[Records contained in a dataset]

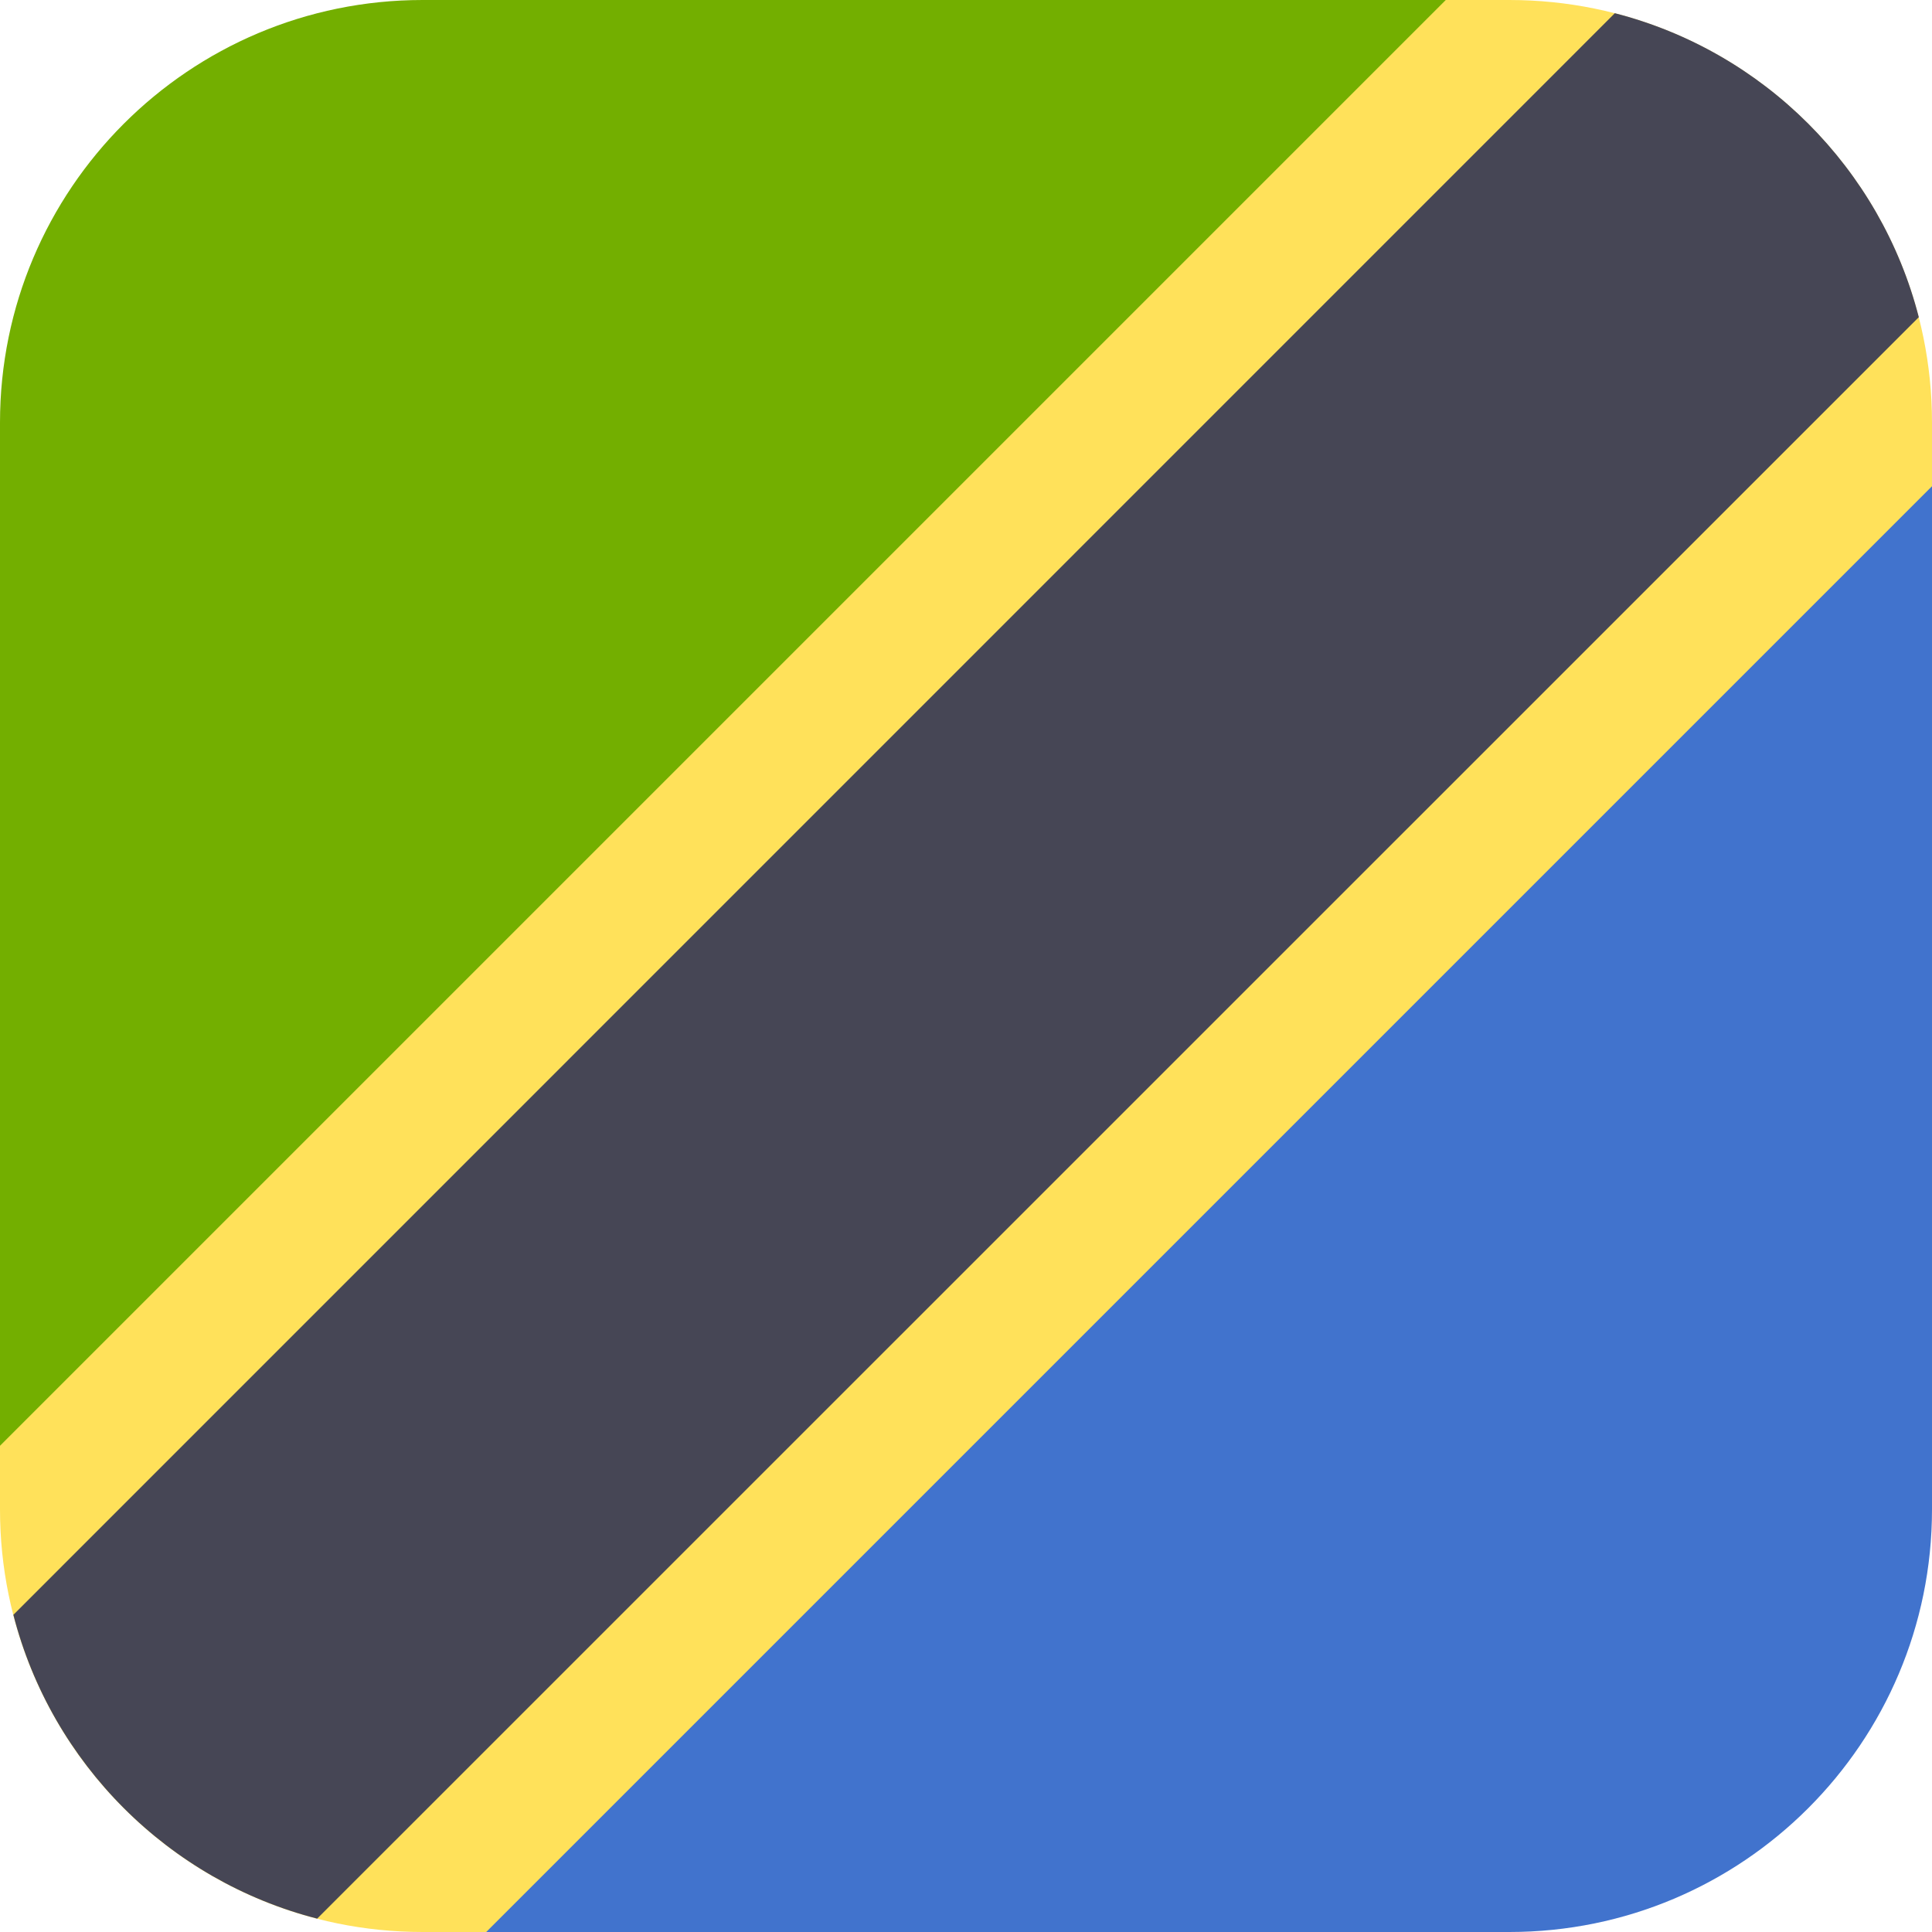 <svg width="12" height="12" viewBox="0 0 12 12" fill="none" xmlns="http://www.w3.org/2000/svg">
<g clip-path="url(#clip0_55_1695)">
<path d="M2.625 0C1.175 0 0 1.175 0 2.625V9.158L9.103 0H2.625Z" fill="#73AF00"/>
<path d="M9.375 12C10.825 12 12 10.824 12 9.375V2.842L2.896 12H9.375Z" fill="#4173CD"/>
<path d="M9.375 0H8.98L0 8.98V9.375C0 10.825 1.175 12 2.625 12H3.02L12 3.02V2.625C12 1.175 10.825 0 9.375 0Z" fill="#FFE15A"/>
<path d="M10.03 0.082L0.083 10.03C0.32 10.953 1.047 11.68 1.97 11.917L11.918 1.97C11.681 1.046 10.954 0.319 10.03 0.082Z" fill="#464655"/>
</g>
<defs>
<clipPath id="clip0_55_1695">
<rect width="12" height="12" fill="white"/>
</clipPath>
</defs>
</svg>

Work item: With the images removed, give back every entry exactly as shown.

Result of this exercise:
 <svg width="12" height="12" viewBox="0 0 12 12" fill="none" xmlns="http://www.w3.org/2000/svg">
<g clip-path="url(#clip0_55_1695)">
<path d="M2.625 0C1.175 0 0 1.175 0 2.625V9.158L9.103 0H2.625Z" fill="#73AF00"/>
<path d="M9.375 12C10.825 12 12 10.824 12 9.375V2.842L2.896 12H9.375Z" fill="#4173CD"/>
<path d="M9.375 0H8.98L0 8.98V9.375C0 10.825 1.175 12 2.625 12H3.02L12 3.02V2.625C12 1.175 10.825 0 9.375 0Z" fill="#FFE15A"/>
<path d="M10.03 0.082L0.083 10.03C0.32 10.953 1.047 11.68 1.97 11.917L11.918 1.97C11.681 1.046 10.954 0.319 10.03 0.082Z" fill="#464655"/>
</g>
<defs>
<clipPath id="clip0_55_1695">
<rect width="12" height="12" fill="white"/>
</clipPath>
</defs>
</svg>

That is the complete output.